Exercise goal:
Transcribe the entries exactly. Omit the pictures.

[Extracted records]
============

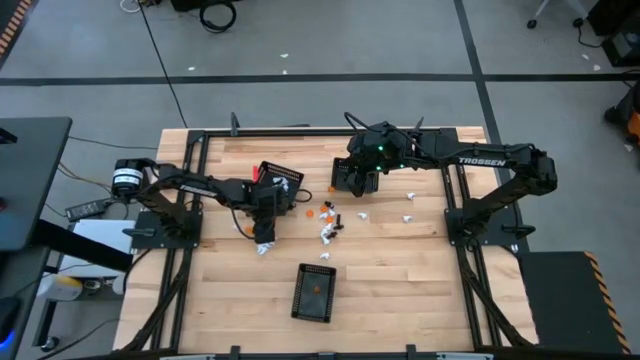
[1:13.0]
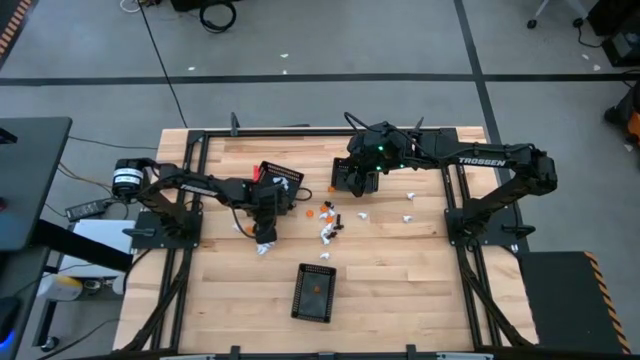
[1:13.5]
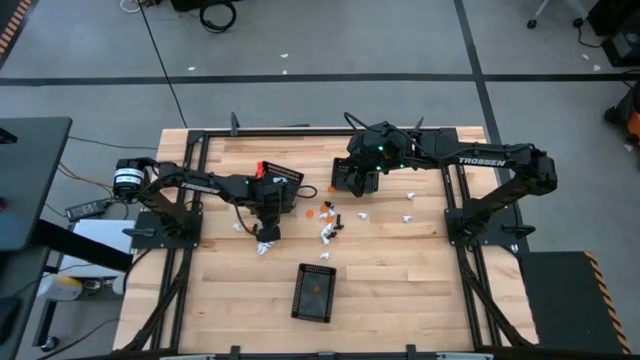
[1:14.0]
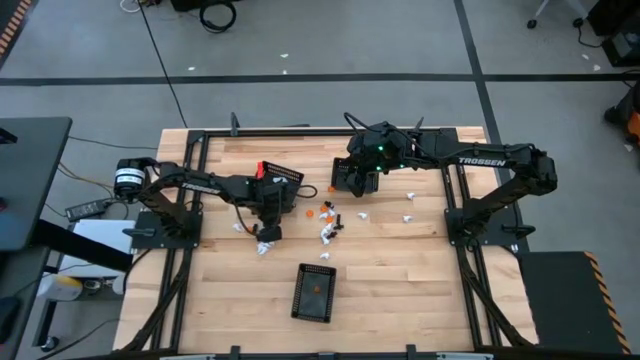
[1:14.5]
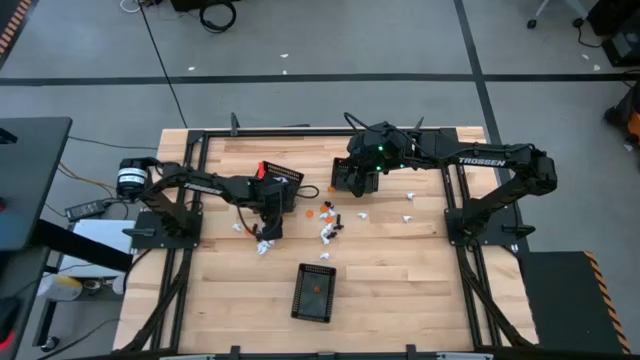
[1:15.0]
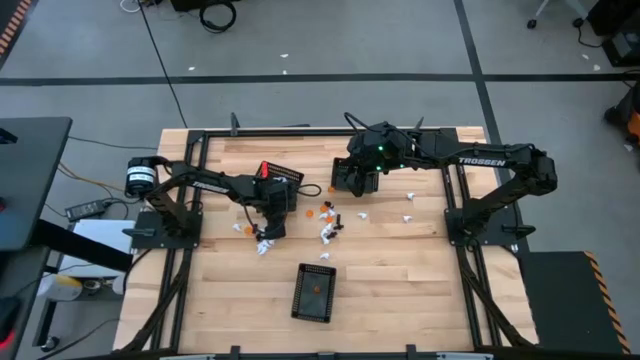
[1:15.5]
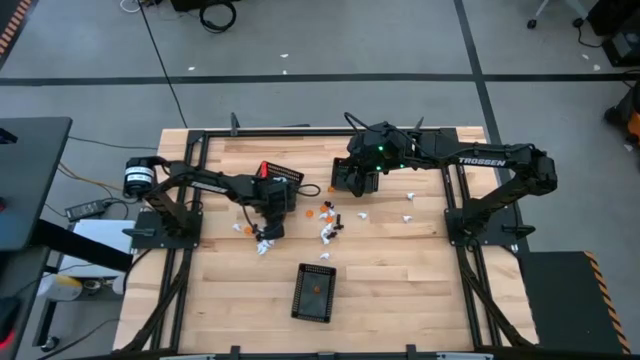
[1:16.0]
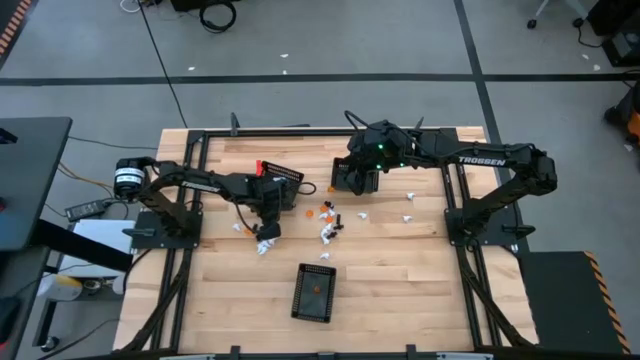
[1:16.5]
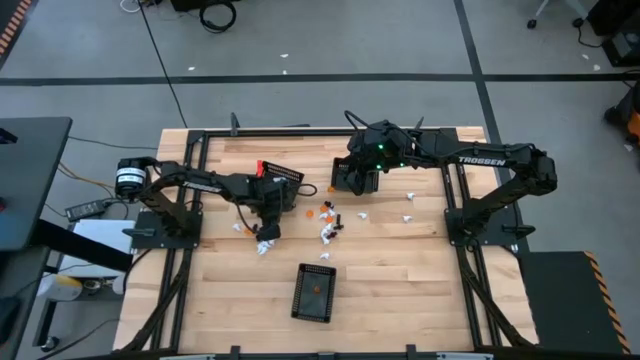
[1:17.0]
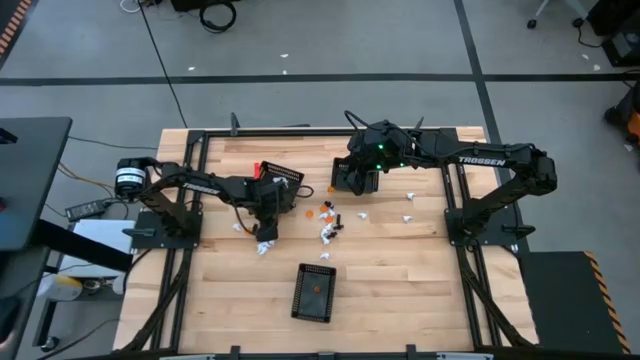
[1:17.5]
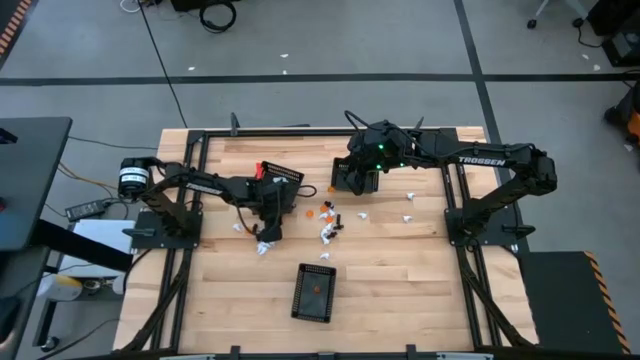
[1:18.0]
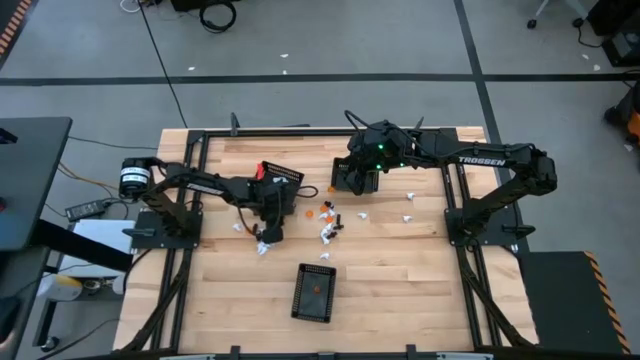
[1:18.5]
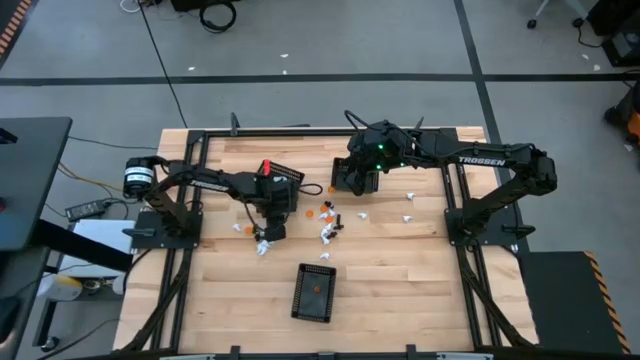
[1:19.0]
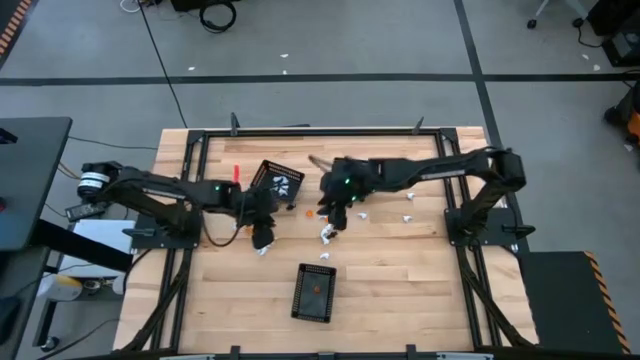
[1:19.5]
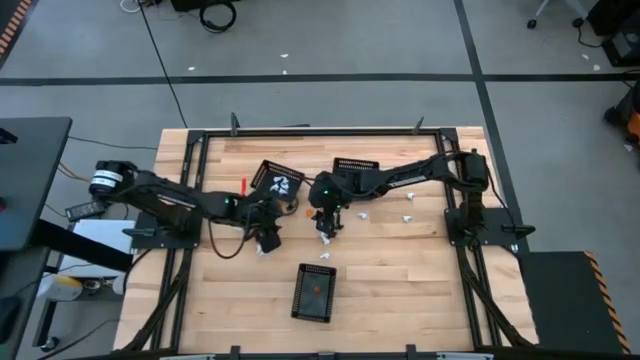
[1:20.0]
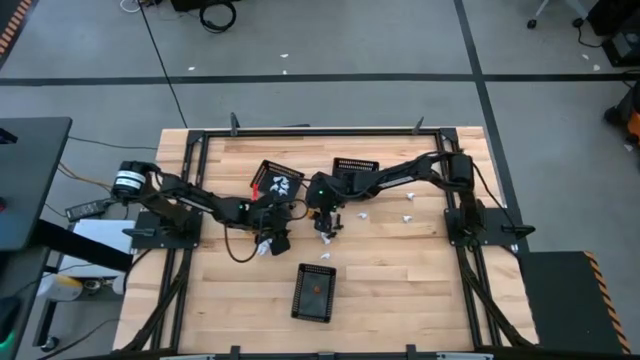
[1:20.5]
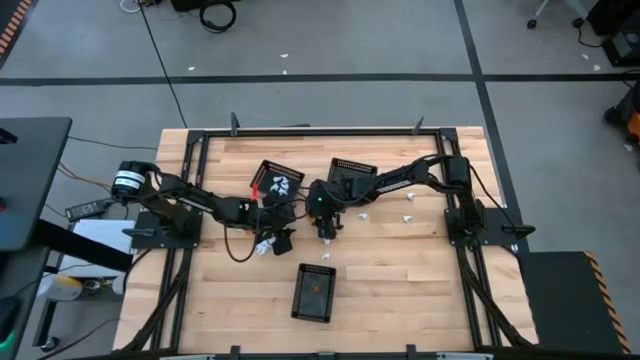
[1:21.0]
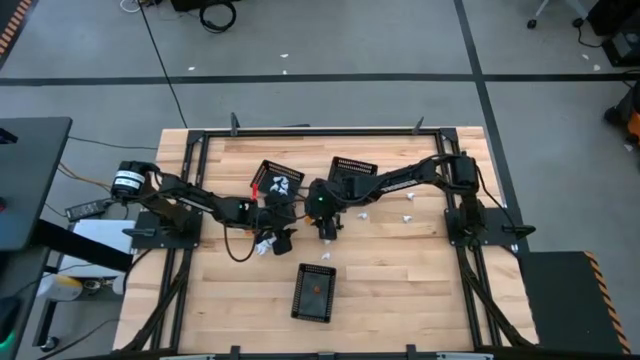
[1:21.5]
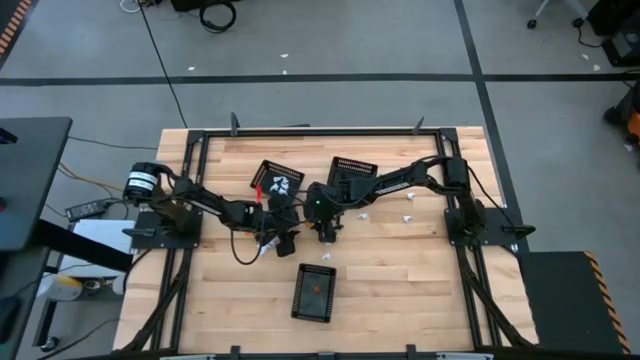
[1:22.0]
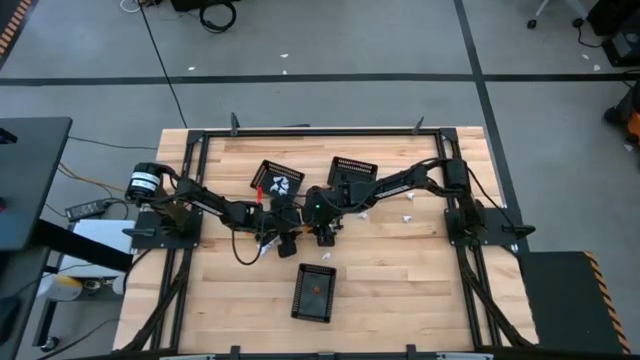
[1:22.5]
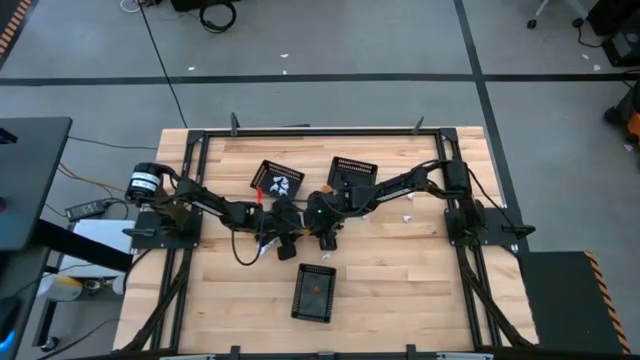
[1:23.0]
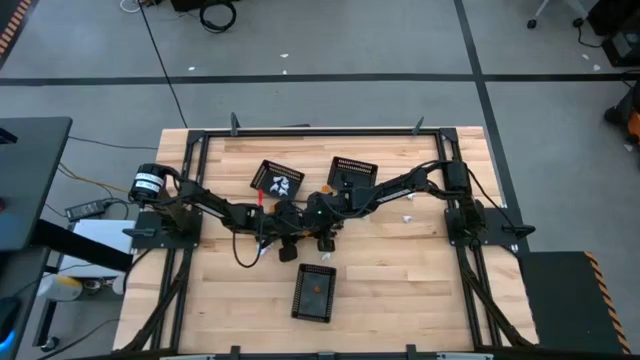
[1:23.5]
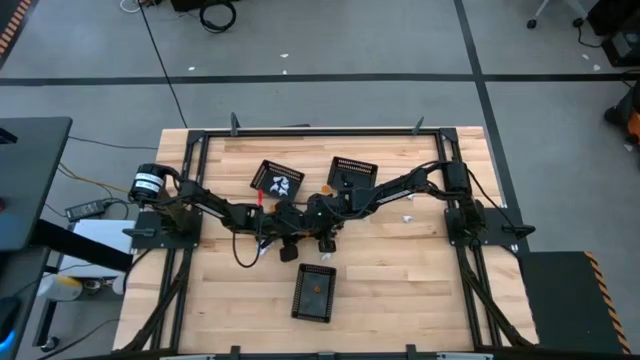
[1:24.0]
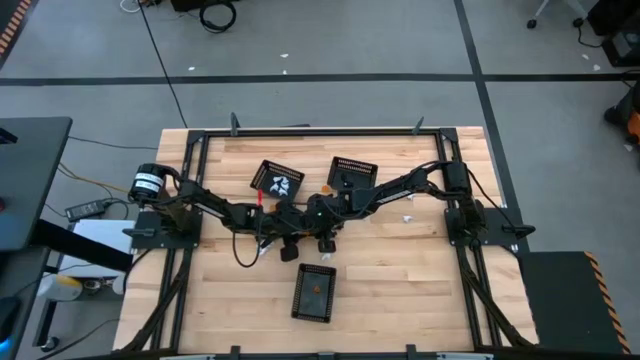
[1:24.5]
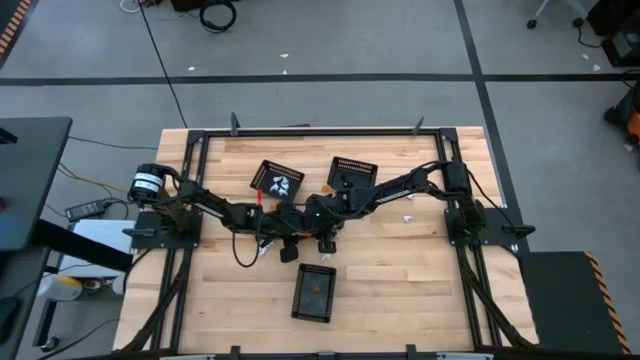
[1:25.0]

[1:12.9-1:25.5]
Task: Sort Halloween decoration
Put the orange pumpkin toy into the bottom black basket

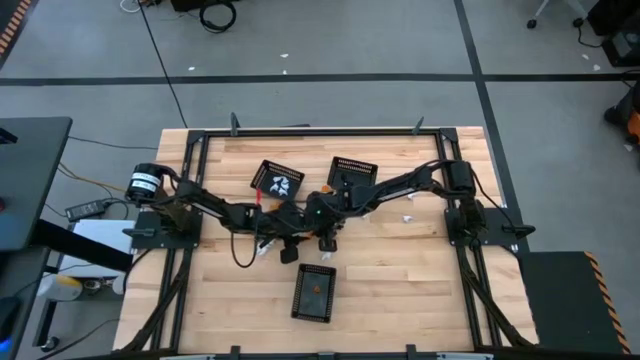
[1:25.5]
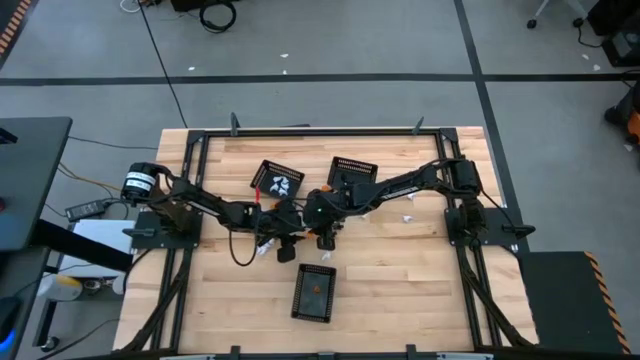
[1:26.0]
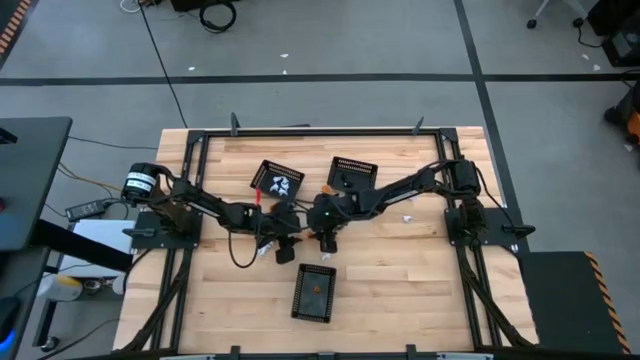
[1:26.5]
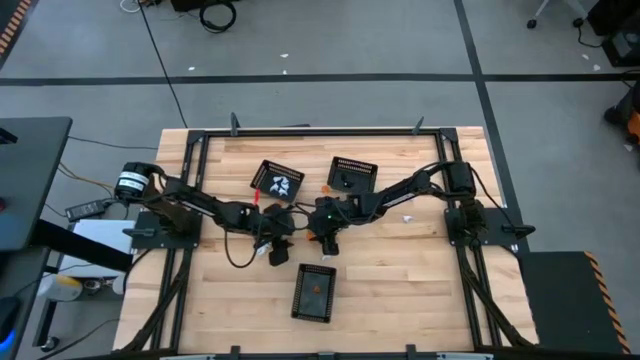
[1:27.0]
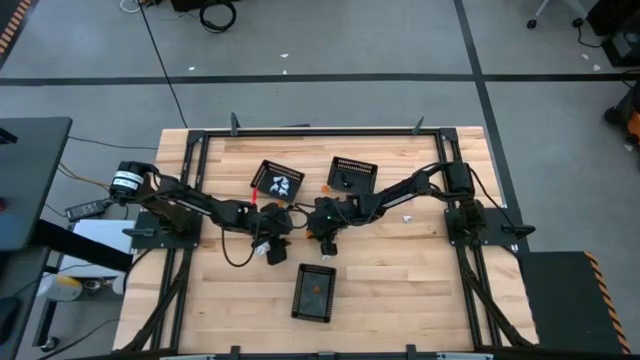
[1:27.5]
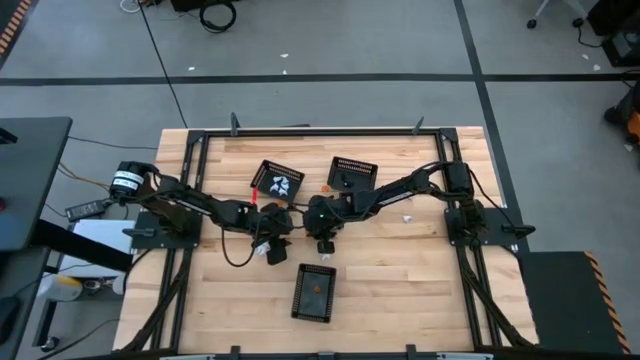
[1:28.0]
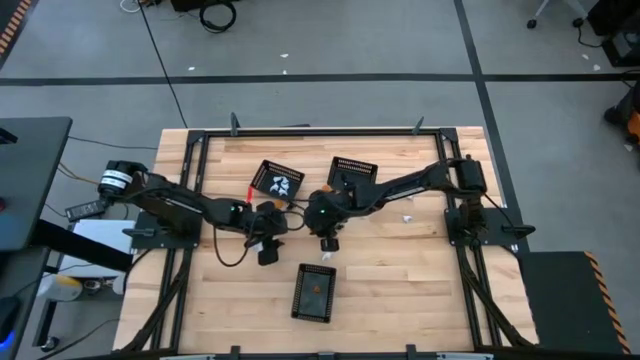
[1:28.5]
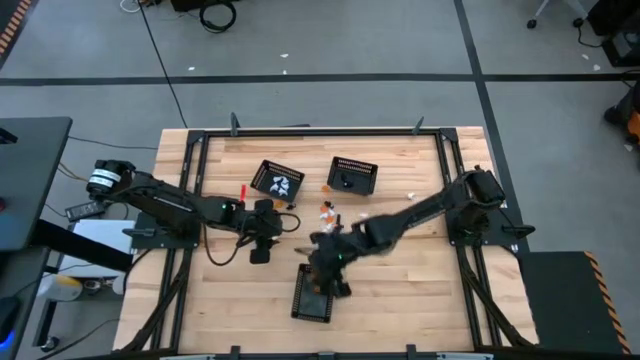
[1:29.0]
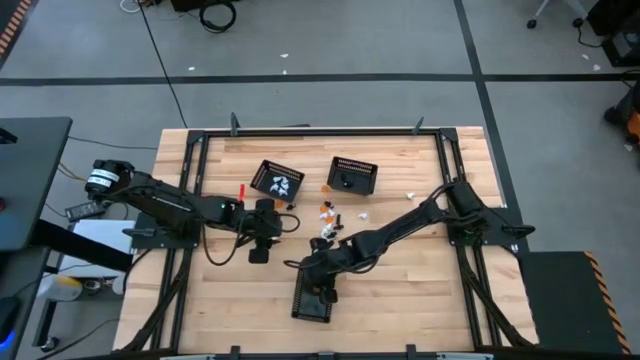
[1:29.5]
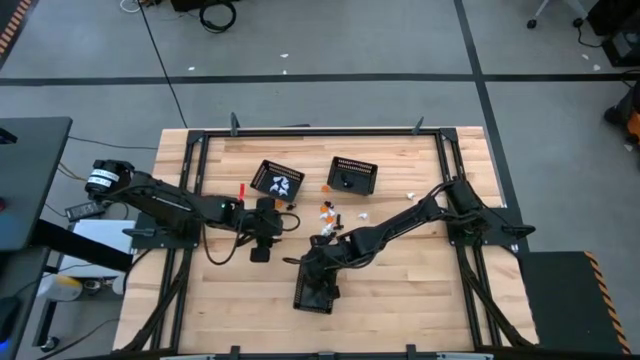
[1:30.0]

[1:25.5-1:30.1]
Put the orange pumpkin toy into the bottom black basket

============

Output below:
[1:13.0]
[1:13.5]
[1:14.0]
[1:14.5]
[1:15.0]
[1:15.5]
[1:16.0]
[1:16.5]
[1:17.0]
[1:17.5]
[1:18.0]
[1:18.5]
[1:19.0]
[1:19.5]
[1:20.0]
[1:20.5]
[1:21.0]
[1:21.5]
[1:22.0]
[1:22.5]
[1:23.0]
[1:23.5]
[1:24.0]
[1:24.5]
[1:25.0]

[1:12.9-1:25.5]
Task: Sort Halloween decoration
Put the orange pumpkin toy into the bottom black basket

[1:25.5]
[1:26.0]
[1:26.5]
[1:27.0]
[1:27.5]
[1:28.0]
[1:28.5]
[1:29.0]
[1:29.5]
[1:30.0]

[1:25.5-1:30.1]
Put the orange pumpkin toy into the bottom black basket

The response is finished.